Despite the usefulness of ADMIXTURE in determining approximate ancestral origins of populations and individuals, it is impossible to ascertain the nature of component X between populations A and B; such Autosomal results should ideally be complementary to historical, linguistic, archaeological and even deep paternal and maternal evidence (Y-DNA, mtDNA).

Some of the observations made in this entry have been gleaned with earlier renditions of population data; through the use of deeper penetrating Autosomal techniques (such as IBD), the exact nature of the component variations should hopefully be resolved in the future.


The raw values used in this investigation are attributed to Dienekes Pontikos, author of the Dodecad Ancestry Project.


  1. Hi, Nice blog.
    Just wanted to say that the K12b run did not include the San and Hadza, whose inclusion would eliminate some of these clusters, in addition to shift around the distribution of many of the remaining clusters on a global level. Please take a look at the K9 global run for a relative comparison.

  2. Thank you for your comment; I agree that the exclusion of reference populations from ADMIXTURE (such as the one you stated) will likely lead to a re-shuffling in certain components. However, as African-relevant components are present in trace quantities at best in this particular analysis, the exclusion of the San or Hadza will probably not lead to any significant differences.

  3. It is who you remove from the data set that makes a difference, in other words the degree of genetic divergence that a given population has from the data set has a direct impact in which populations a cluster will appear/disappear in and the distribution for the remaining clusters, for instance removing the Chinese and keeping the Japanese in a global data set will have much less of an impact in the distribution of a fixed number clusters than removing the San and keeping the Yoruba in the same data set, since the San are as genetically different from a Yoruba as they are from a European.

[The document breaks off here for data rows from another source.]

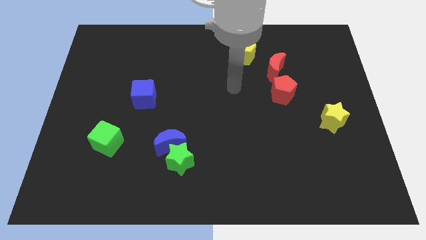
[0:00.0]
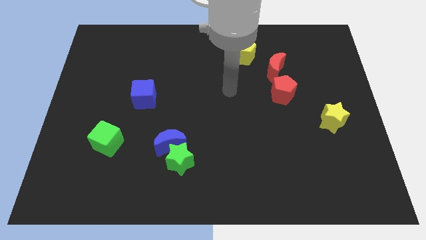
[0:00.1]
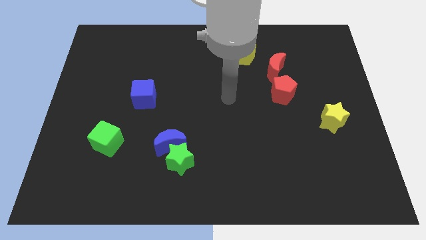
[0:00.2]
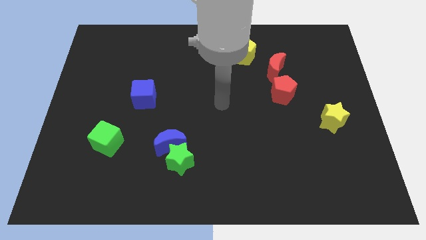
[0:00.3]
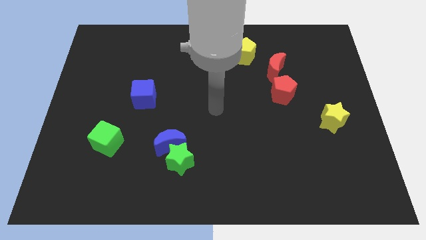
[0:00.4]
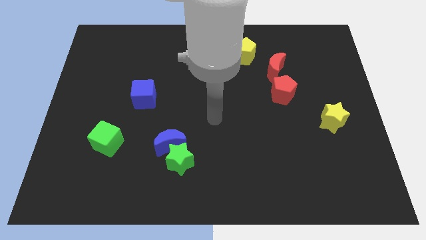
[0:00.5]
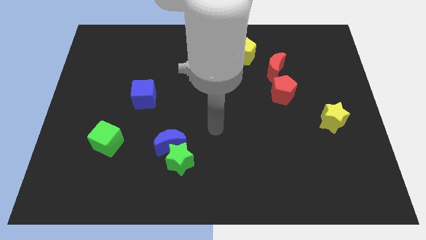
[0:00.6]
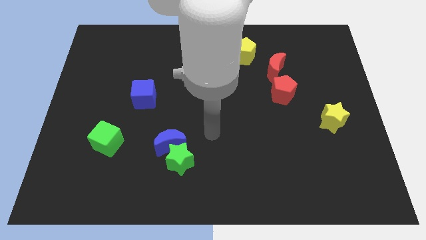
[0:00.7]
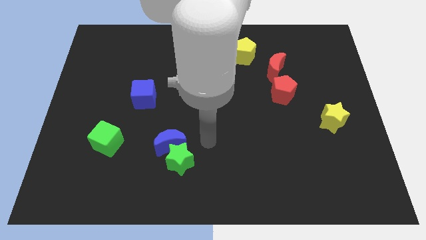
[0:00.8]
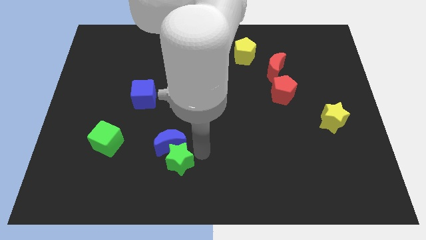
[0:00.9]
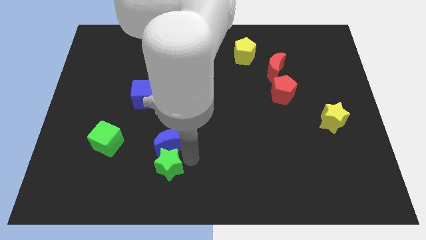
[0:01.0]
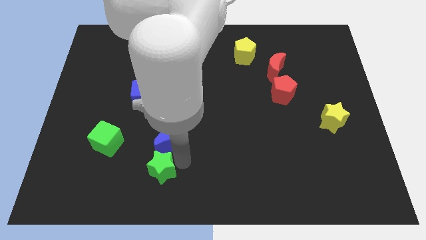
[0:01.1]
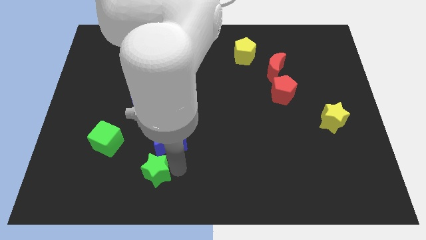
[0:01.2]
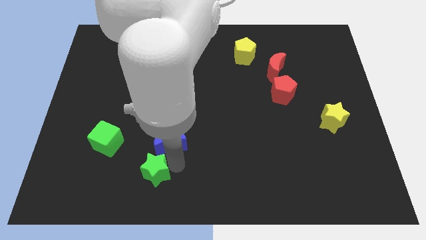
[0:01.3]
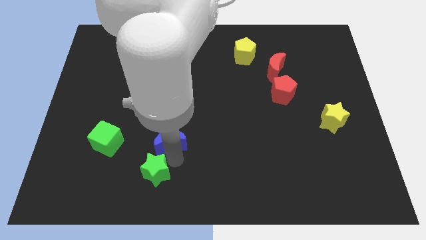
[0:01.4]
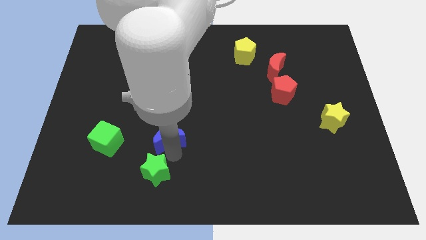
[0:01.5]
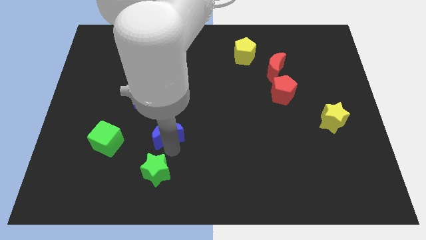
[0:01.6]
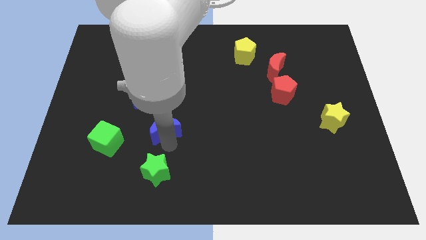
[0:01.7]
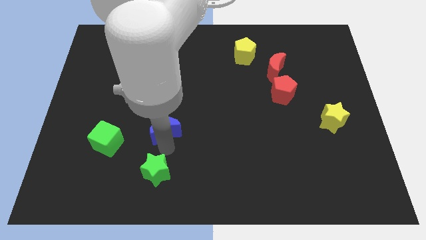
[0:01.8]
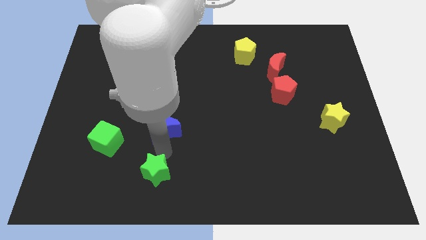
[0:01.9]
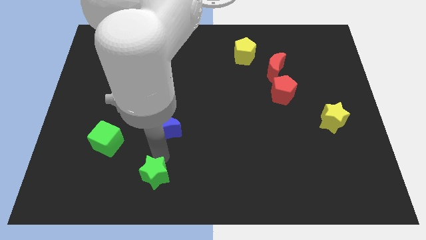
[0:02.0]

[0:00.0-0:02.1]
move the blue moon away from the green star

    The world 9 global run, which included the SAN and the Hadza, had produced a cluster nick-named “Southern” that was very wide flung, from Northwest Africa to well into West Asia and from Subsaharan East Africa to Southern Europe, here below were what the populations outlined in the topic of your post had scored for the “Southern” Cluster:

    As you can see, this cluster has vanished however in the K12 run, had the same data set of 'World9' been run at the ADMIXTURE, K=12 level this cluster wouldn't simply have vanished.

  4. I respectfully disagree with your first point in this particular context. Removing African reference groups will not significantly effect scores of populations that are almost entirely Eurasian.

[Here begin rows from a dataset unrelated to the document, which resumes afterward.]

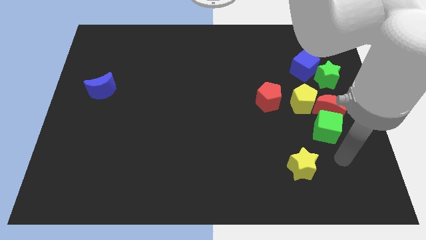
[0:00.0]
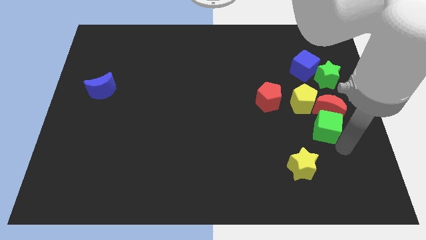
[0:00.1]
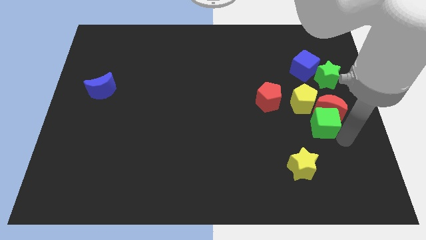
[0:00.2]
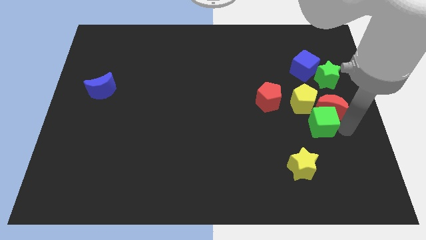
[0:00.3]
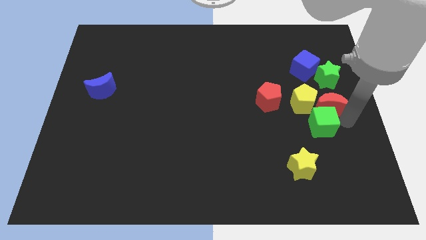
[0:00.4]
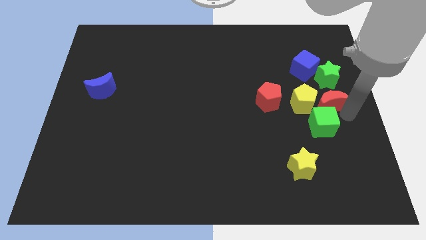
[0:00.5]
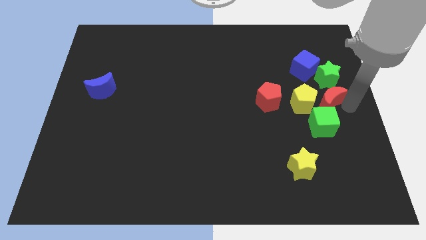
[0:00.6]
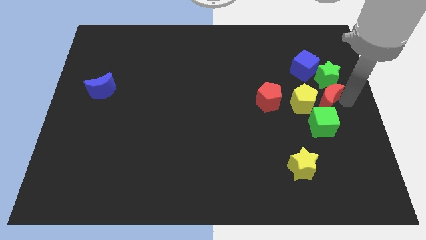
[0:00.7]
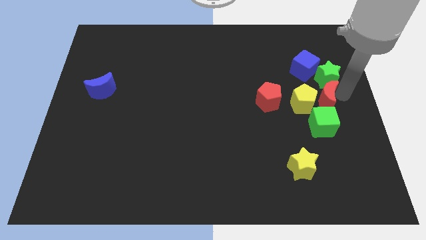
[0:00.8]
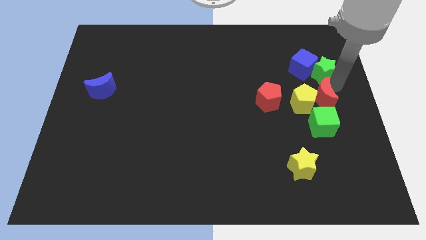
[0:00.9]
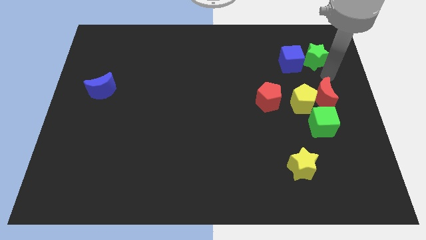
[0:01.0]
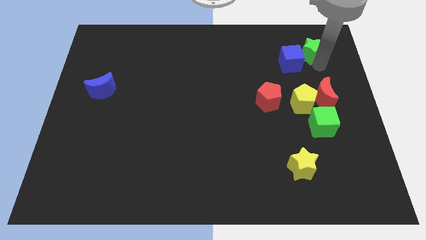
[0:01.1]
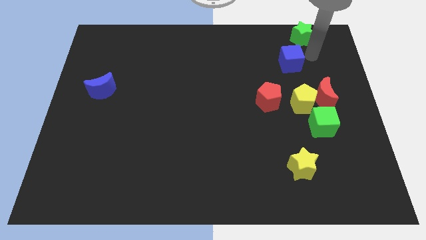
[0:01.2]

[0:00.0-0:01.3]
separate the blue cube from the green star

    The absence of San or Hadza in the latest run only coincides with the dissolution of the "Southern" component, which has likely consolidated itself into at least the Southwest Asian and Caucasus components.

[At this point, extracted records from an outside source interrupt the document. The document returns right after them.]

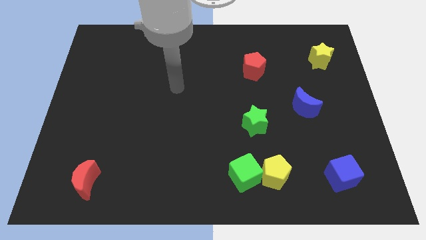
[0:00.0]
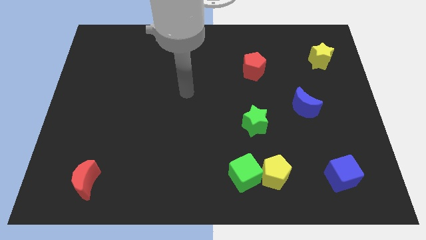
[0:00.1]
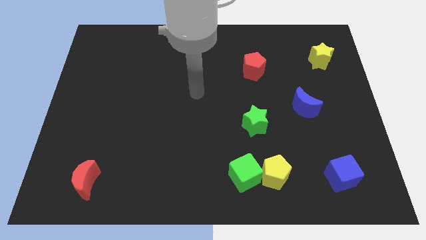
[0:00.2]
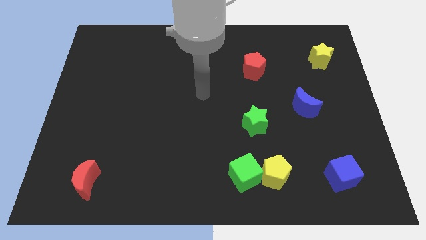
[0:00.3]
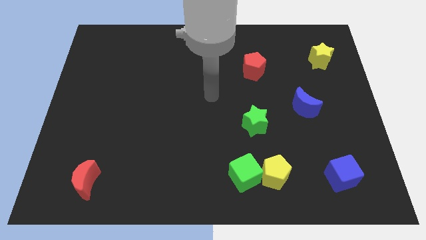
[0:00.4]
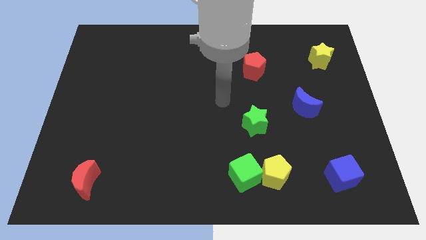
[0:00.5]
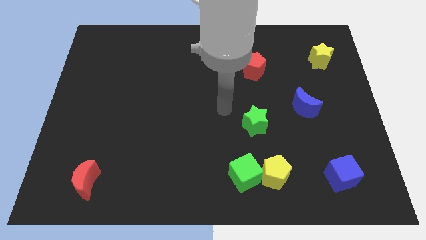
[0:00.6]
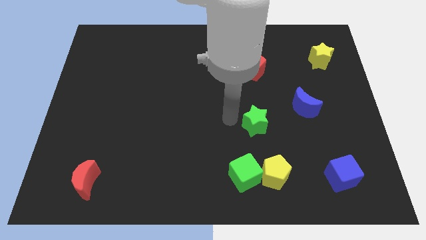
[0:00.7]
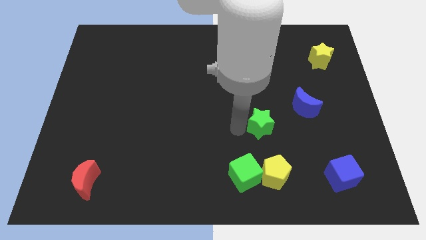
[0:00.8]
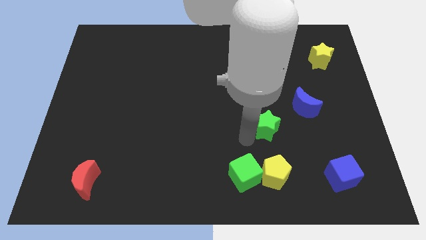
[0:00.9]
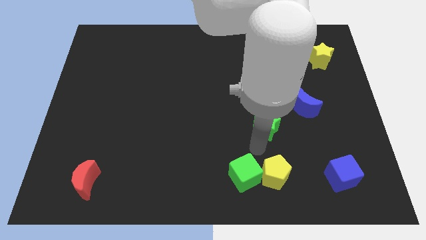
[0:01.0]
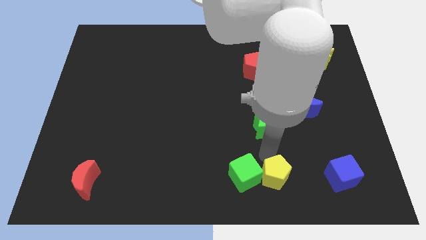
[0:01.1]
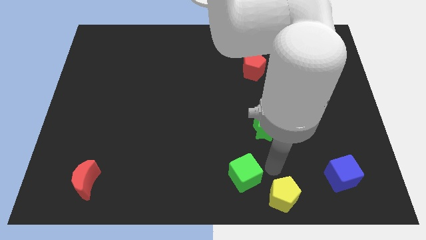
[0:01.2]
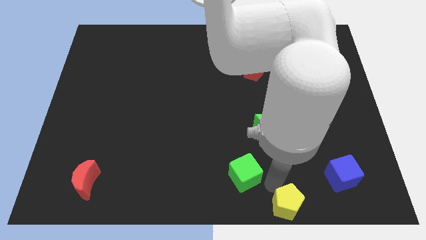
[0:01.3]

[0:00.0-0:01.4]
pull the green cube apart from the yellow pentagon

    You are describing two separate changes from K9b->K12b. That does not necessarily mean one change led to the other. There may have been some intra-component consolidation once the San and Hadza were removed, but the difference is largely accounted for by the increased K=n. Components become unstable beyond a certain K value (as previous Dodecad iterations and the Harappa Project have shown in older posts).

  5. What are the origins of the natives of Khuzestan? I have heard many Arabs say it is an extension os Mesopotamia? Isn't this where the Elamites were settled? The Zagros was supposed to be a barrier to gene flow but it doesn't seem like iranians living West of the Zagros are any different from their Eastern counterparts does it?